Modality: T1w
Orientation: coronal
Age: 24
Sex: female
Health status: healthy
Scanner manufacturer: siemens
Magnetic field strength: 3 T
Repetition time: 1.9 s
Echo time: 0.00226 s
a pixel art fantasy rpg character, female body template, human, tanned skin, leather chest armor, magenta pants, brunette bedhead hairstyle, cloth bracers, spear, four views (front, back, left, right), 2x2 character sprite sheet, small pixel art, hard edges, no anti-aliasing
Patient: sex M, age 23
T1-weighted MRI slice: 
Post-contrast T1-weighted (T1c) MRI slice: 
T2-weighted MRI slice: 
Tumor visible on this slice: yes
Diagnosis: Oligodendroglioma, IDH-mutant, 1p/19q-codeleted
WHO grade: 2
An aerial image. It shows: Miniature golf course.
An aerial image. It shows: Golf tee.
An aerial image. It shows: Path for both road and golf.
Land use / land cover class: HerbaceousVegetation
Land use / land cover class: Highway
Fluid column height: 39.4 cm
------
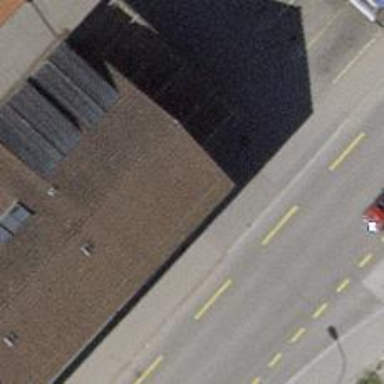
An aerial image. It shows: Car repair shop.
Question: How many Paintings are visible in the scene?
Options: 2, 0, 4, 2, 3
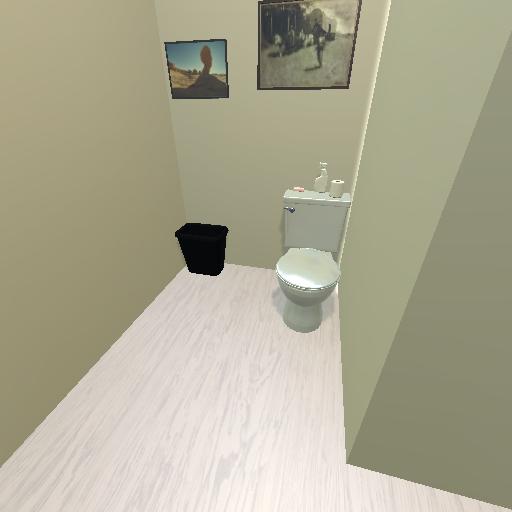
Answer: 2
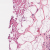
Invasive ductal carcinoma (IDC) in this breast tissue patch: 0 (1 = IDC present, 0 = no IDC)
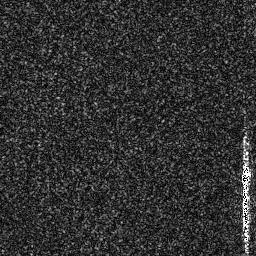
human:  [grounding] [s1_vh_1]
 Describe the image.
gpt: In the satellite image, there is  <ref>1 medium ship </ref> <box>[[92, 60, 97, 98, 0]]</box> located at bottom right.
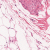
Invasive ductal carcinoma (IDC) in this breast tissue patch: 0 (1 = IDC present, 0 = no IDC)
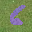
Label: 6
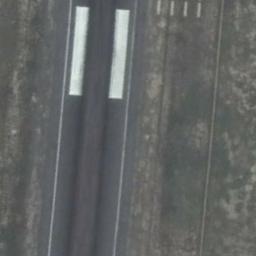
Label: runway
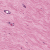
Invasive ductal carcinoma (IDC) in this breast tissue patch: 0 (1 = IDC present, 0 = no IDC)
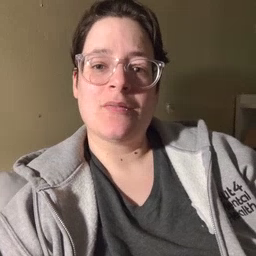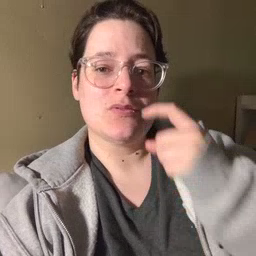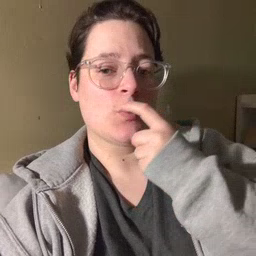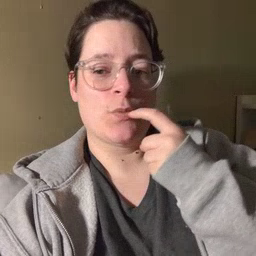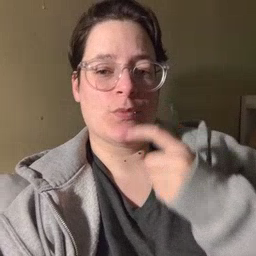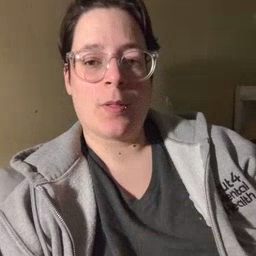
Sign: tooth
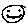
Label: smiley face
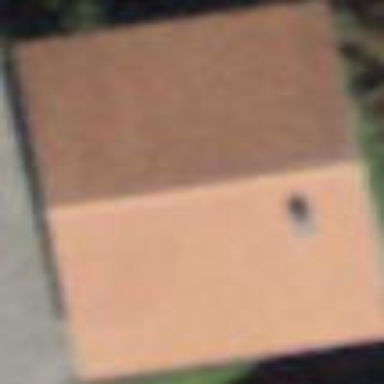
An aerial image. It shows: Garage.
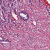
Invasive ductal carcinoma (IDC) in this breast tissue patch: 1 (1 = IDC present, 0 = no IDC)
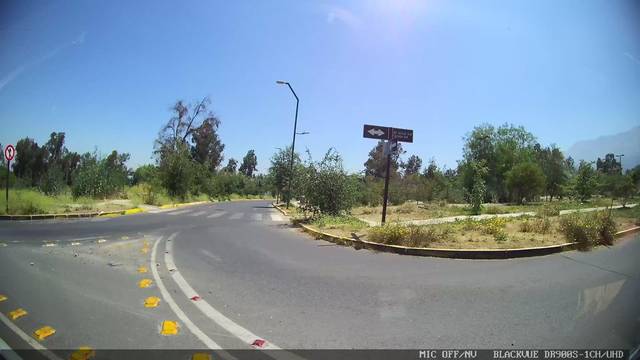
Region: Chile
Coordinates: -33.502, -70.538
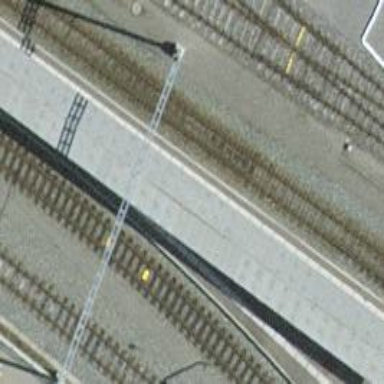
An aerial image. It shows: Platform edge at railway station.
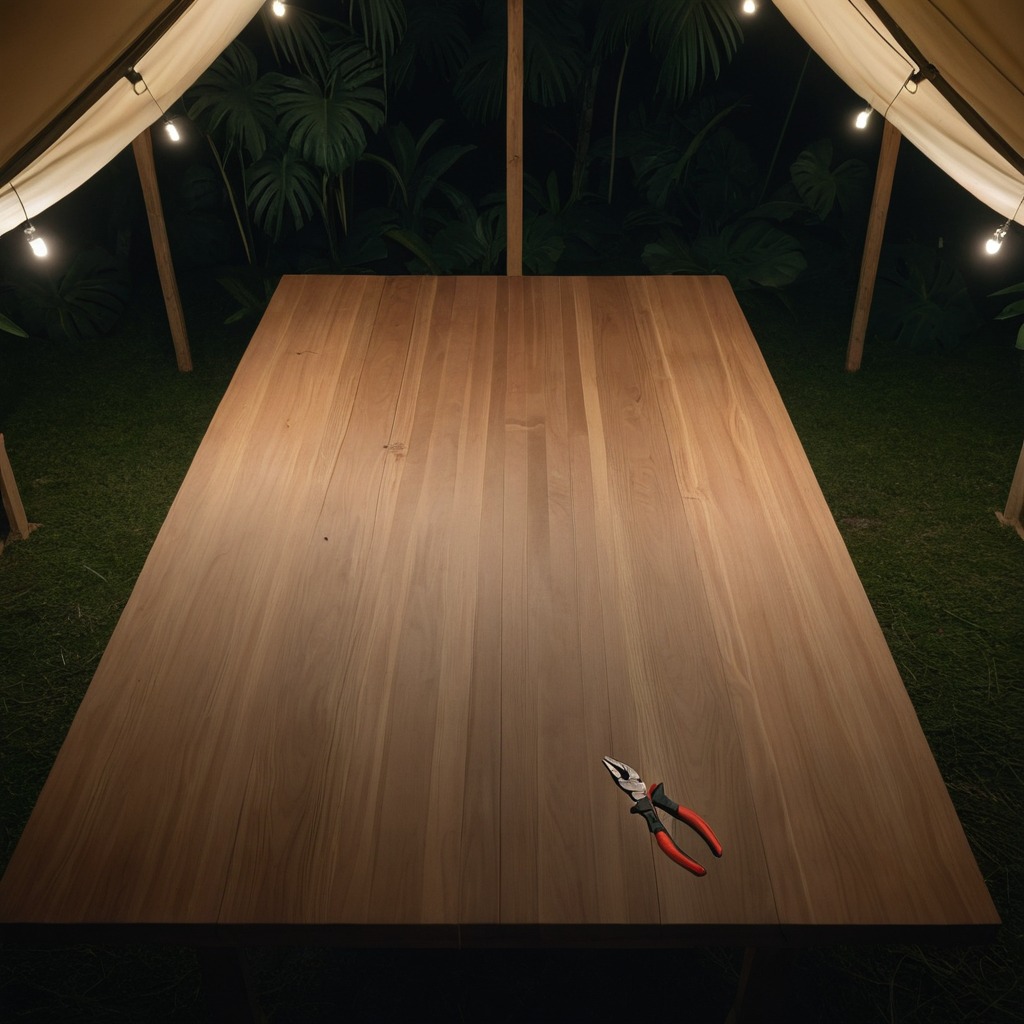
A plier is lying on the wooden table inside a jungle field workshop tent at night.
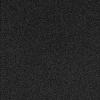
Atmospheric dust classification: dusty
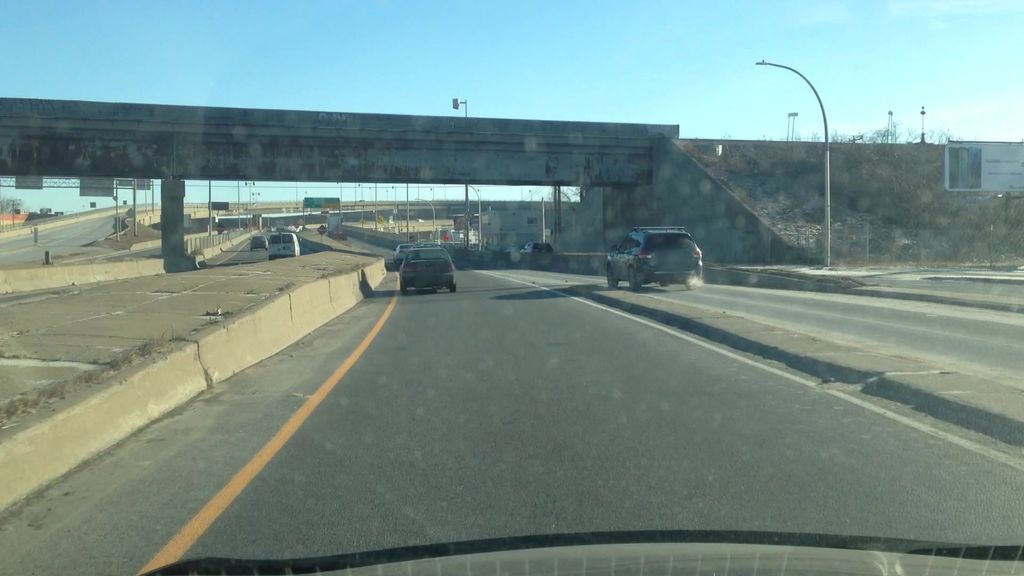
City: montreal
------
> _What this task involves_: After locating the line holding "An aerial image. It shows: Golf tee." above, output exactly that line and every line after it through the line holding "Fluid column height: 39.4 cm". Include nothing else.

> _Task answer_:
An aerial image. It shows: Golf tee.
An aerial image. It shows: Path for both road and golf.
Land use / land cover class: HerbaceousVegetation
Land use / land cover class: Highway
Fluid column height: 39.4 cm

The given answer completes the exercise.